I was halfway through my first class when I remembered why I stopped last time. Yoga makes me angry. Not frustrated or mildly cranky, but full of rage. It begins with the whole ’empty your mind’ moment at the start of class. “Empty my mind?” my mind says. “How am I supposed to do that?” And the thoughts whirl round, getting blacker and blacker as I try to fight them off and turn my mind into an abyss.

“Concentrate on your breathing,” my golden, sylph-like instructor intones in her soothing, calm-blue-ocean voice. So I do. To the point where I’m practically hyperventilating because, really, concentrating on my breathing makes me aware of my breathing and the minute I become aware of anything it all goes pear-shaped (trust me, as a writer who has tried plotting out a novel and become paralysed, I hesitate to try this with my breathing).

And then the movement begins. The horrible, creaking, agonising movement. There is little I dislike more in life than a downward-facing dog. Really. My head swims, my hamstrings scream, my heels never touch the floor no matter how much I press down through my ‘bundas’ (whatever they may be). The only downward dog I want in my life is that guy up there in the photo. Procrasti-Pup has the whole ‘down’ thing covered.

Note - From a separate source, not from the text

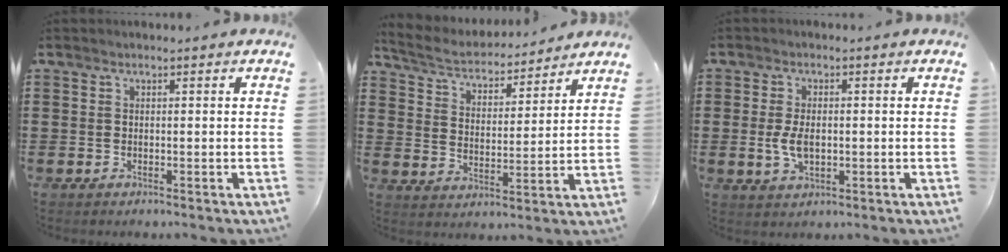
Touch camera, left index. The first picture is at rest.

So while all this is going on and I’m lengthening my muscles and strengthening my core, my mind is going 1000 miles an hour and it is NOT happy. In fact, it is swearing every swear word I know (and, having worked in journalism my whole adult life, I know a wide range). I am watching the clock and swearing. I am sweating and panting and trying not to pass out, and my mind is shrieking like this: *$%@+++&&&^^^@@@####!

I’m not a natural.

I asked a good friend of mine who is an avid yogi what she thought about my situation. “Yoga works on all parts of the body, Al,” she said, serenely. “I think you are venting your spleen.”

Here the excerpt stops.